Оттесняют меня двое безмолвных, в одинаковых серых нейлоновых курточках и в надвинутых на глаза шляпах. Шепчут мне:

— He положено!

Динара? Сергей?

Теперь, задним числом, иной раз и кажется мне: я что-то предвидел. Предчувствовал. И они, они оба тоже предчувствовали конец: припоминаю загадочные обмолвки, мимолетные взгляды, которыми они иногда обменивались. Впрочем, задним числом чего только не придумает человек!

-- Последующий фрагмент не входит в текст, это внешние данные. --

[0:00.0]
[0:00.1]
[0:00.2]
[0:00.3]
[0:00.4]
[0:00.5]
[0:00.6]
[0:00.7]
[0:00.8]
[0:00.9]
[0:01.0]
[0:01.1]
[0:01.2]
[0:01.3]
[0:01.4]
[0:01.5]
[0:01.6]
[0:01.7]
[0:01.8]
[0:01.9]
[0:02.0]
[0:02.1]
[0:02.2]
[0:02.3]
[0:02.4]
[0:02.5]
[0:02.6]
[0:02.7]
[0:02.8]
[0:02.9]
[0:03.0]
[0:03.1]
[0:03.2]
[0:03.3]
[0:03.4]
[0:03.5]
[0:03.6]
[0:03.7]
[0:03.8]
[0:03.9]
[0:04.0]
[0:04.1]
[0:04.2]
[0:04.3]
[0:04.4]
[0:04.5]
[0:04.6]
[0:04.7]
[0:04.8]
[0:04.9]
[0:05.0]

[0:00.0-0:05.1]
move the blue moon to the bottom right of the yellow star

Аполлон озарен снова вспыхнувшим светом. В темном небе шарят лучи прожекторов. Я у Маркса, уже, у Карлуши. Я с опаской и с недоверием взгляд бросаю наверх. Да, а все-таки в КГБ умеют работать: Аполлон на месте стоит, возвышается, и по левую руку его — полноценная лошадь. На всю эту группу навели лучи еще одного, дополнительного прожектора; и предстал Аполлон, как ему и положено, в лучах солнца.

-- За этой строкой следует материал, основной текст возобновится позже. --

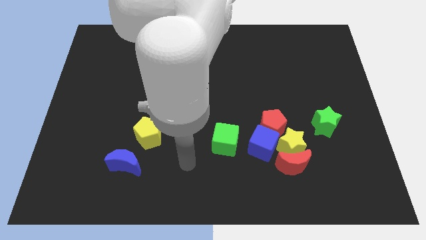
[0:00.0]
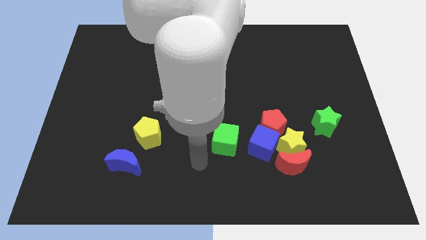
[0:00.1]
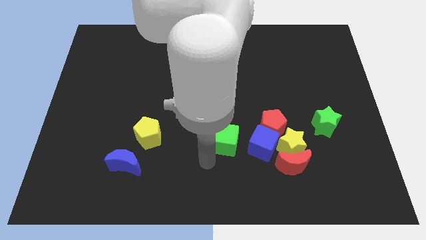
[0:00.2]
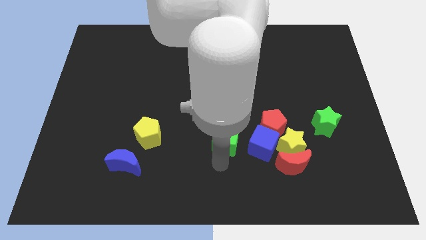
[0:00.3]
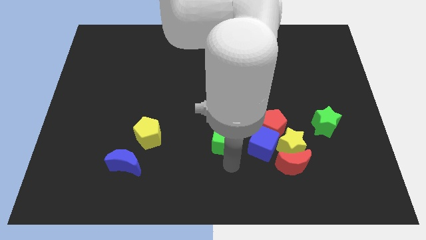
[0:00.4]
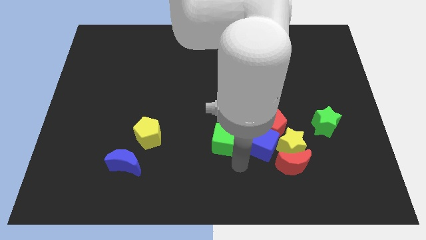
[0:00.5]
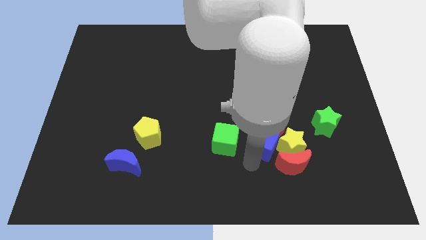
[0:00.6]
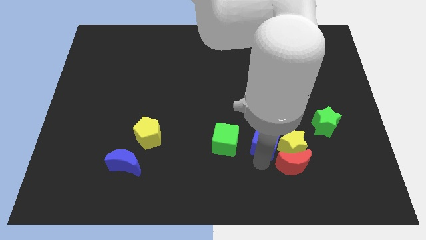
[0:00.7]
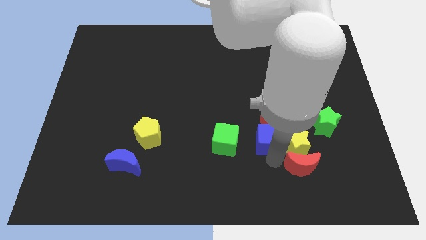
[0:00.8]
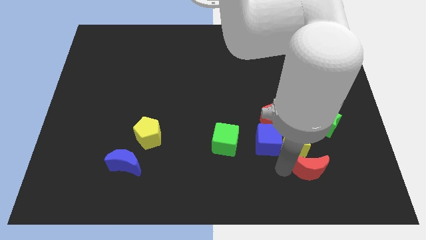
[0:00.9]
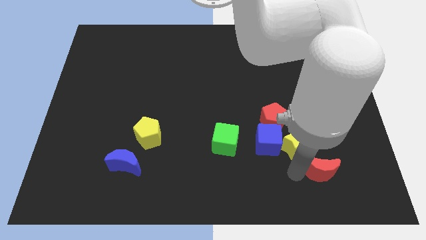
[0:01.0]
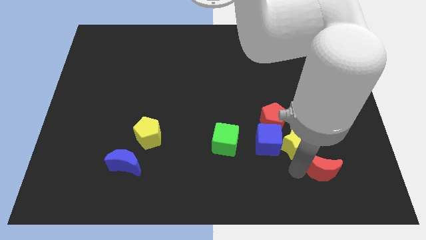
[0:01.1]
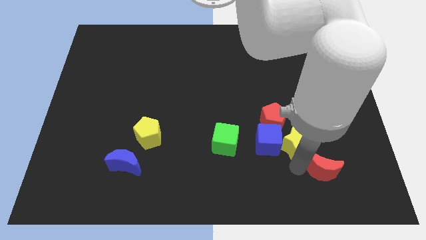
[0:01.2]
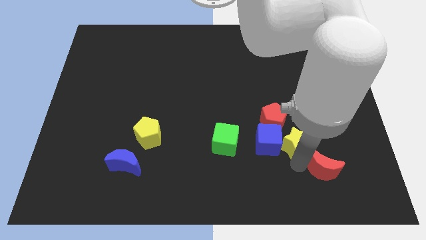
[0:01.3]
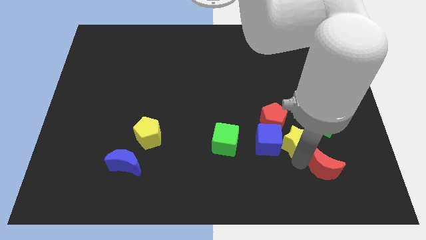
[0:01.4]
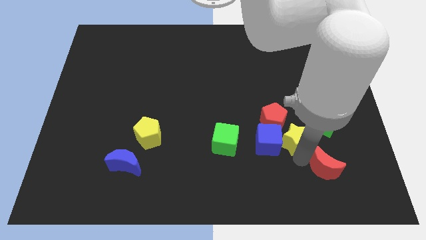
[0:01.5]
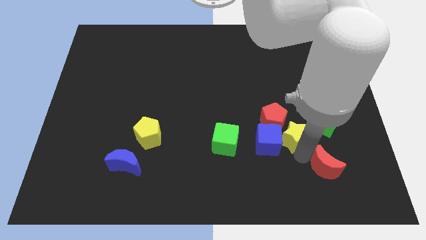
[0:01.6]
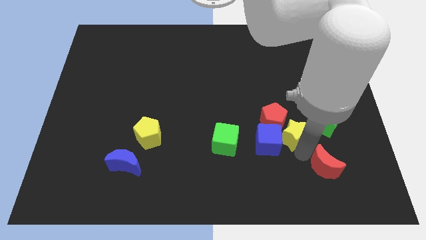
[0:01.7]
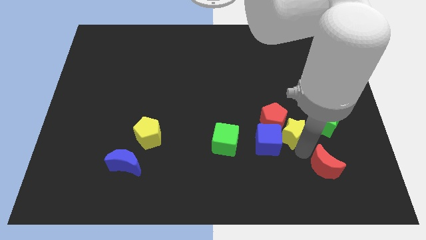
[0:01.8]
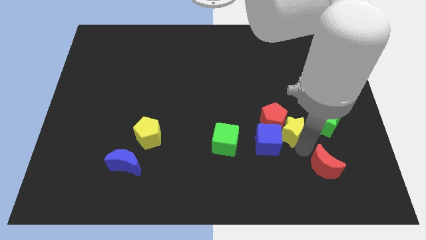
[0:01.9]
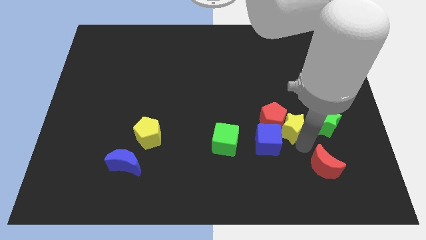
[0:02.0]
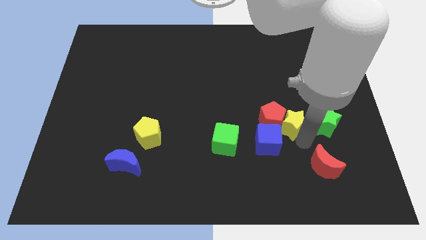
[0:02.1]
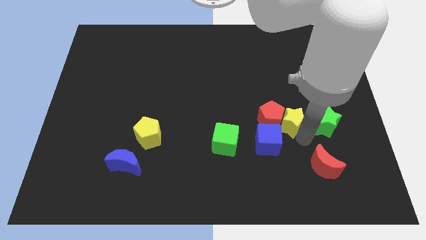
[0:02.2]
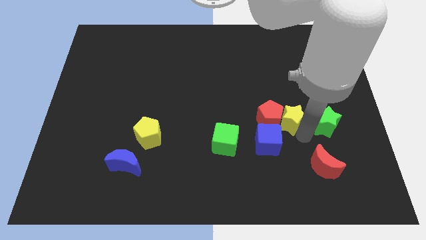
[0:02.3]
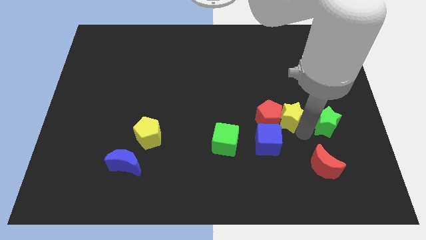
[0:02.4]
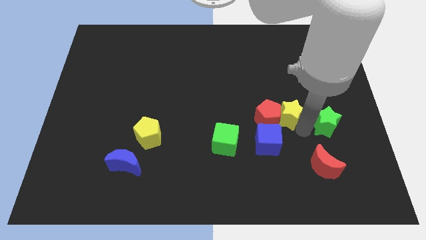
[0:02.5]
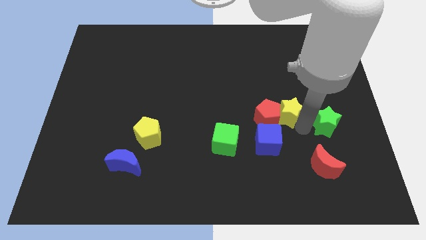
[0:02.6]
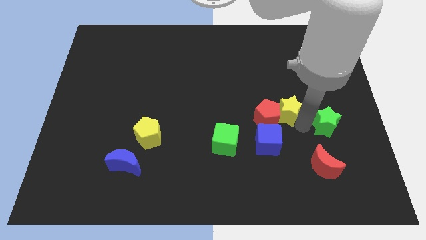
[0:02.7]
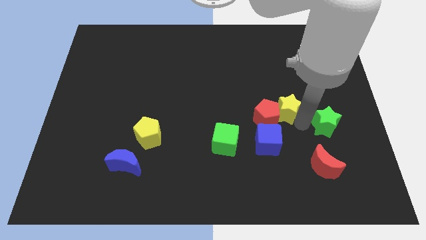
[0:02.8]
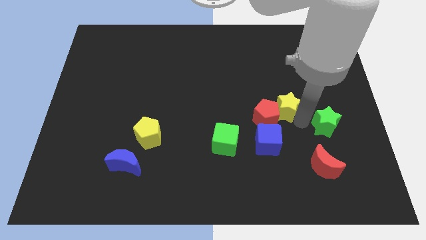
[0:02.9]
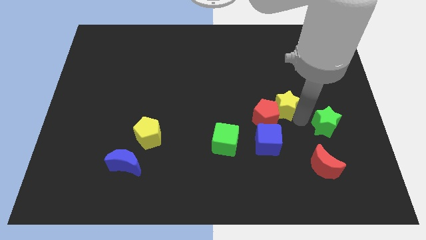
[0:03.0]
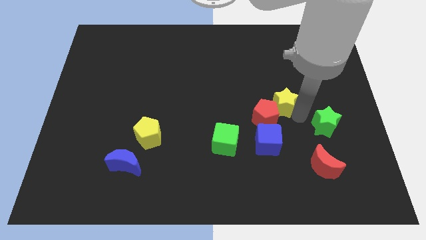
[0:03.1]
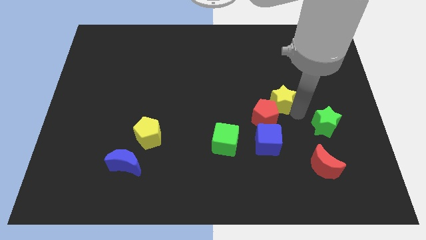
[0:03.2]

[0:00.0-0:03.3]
put the yellow star to the top side of the red pentagon

— Папа, а ты уже пришел? — вопрошает Вася, сидя рядышком с дедом Карлушей. Я снимаю его:

— Хорошего,— говорю,— понемногу.

Из последних сил говорю: онемел почему-то. Но не следует показывать мальчику, как мне больно, как трудно мне.

У самого входа в метро — встреча.

— Здравствуйте,— почтительно улыбается Байрон.— С праздником вас!

— Байрон, милый,— хриплю я все еще не до конца оттаявшими губами,— Рад вас видеть, вас тоже с праздником, раз уж нам судьба такая выпала по праздникам друг с другом встречаться.

Катя к нам подходит — стояла в сторонке, изучала афишу какую-то:

— Здравствуйте!

— А вы слышали,— спрашивает Байрон,— говорят, будто бы Аполлон упал. Но тогда почему же он на месте стоит?

— Никуда он не падал,— назидательно встревает в наш разговор тот, с меда­лями, который про ЦРУ разорялся.— Распускаются, понимаете, глупейшие слухи. А может, они и не такие уж глупые? Провокационные слухи?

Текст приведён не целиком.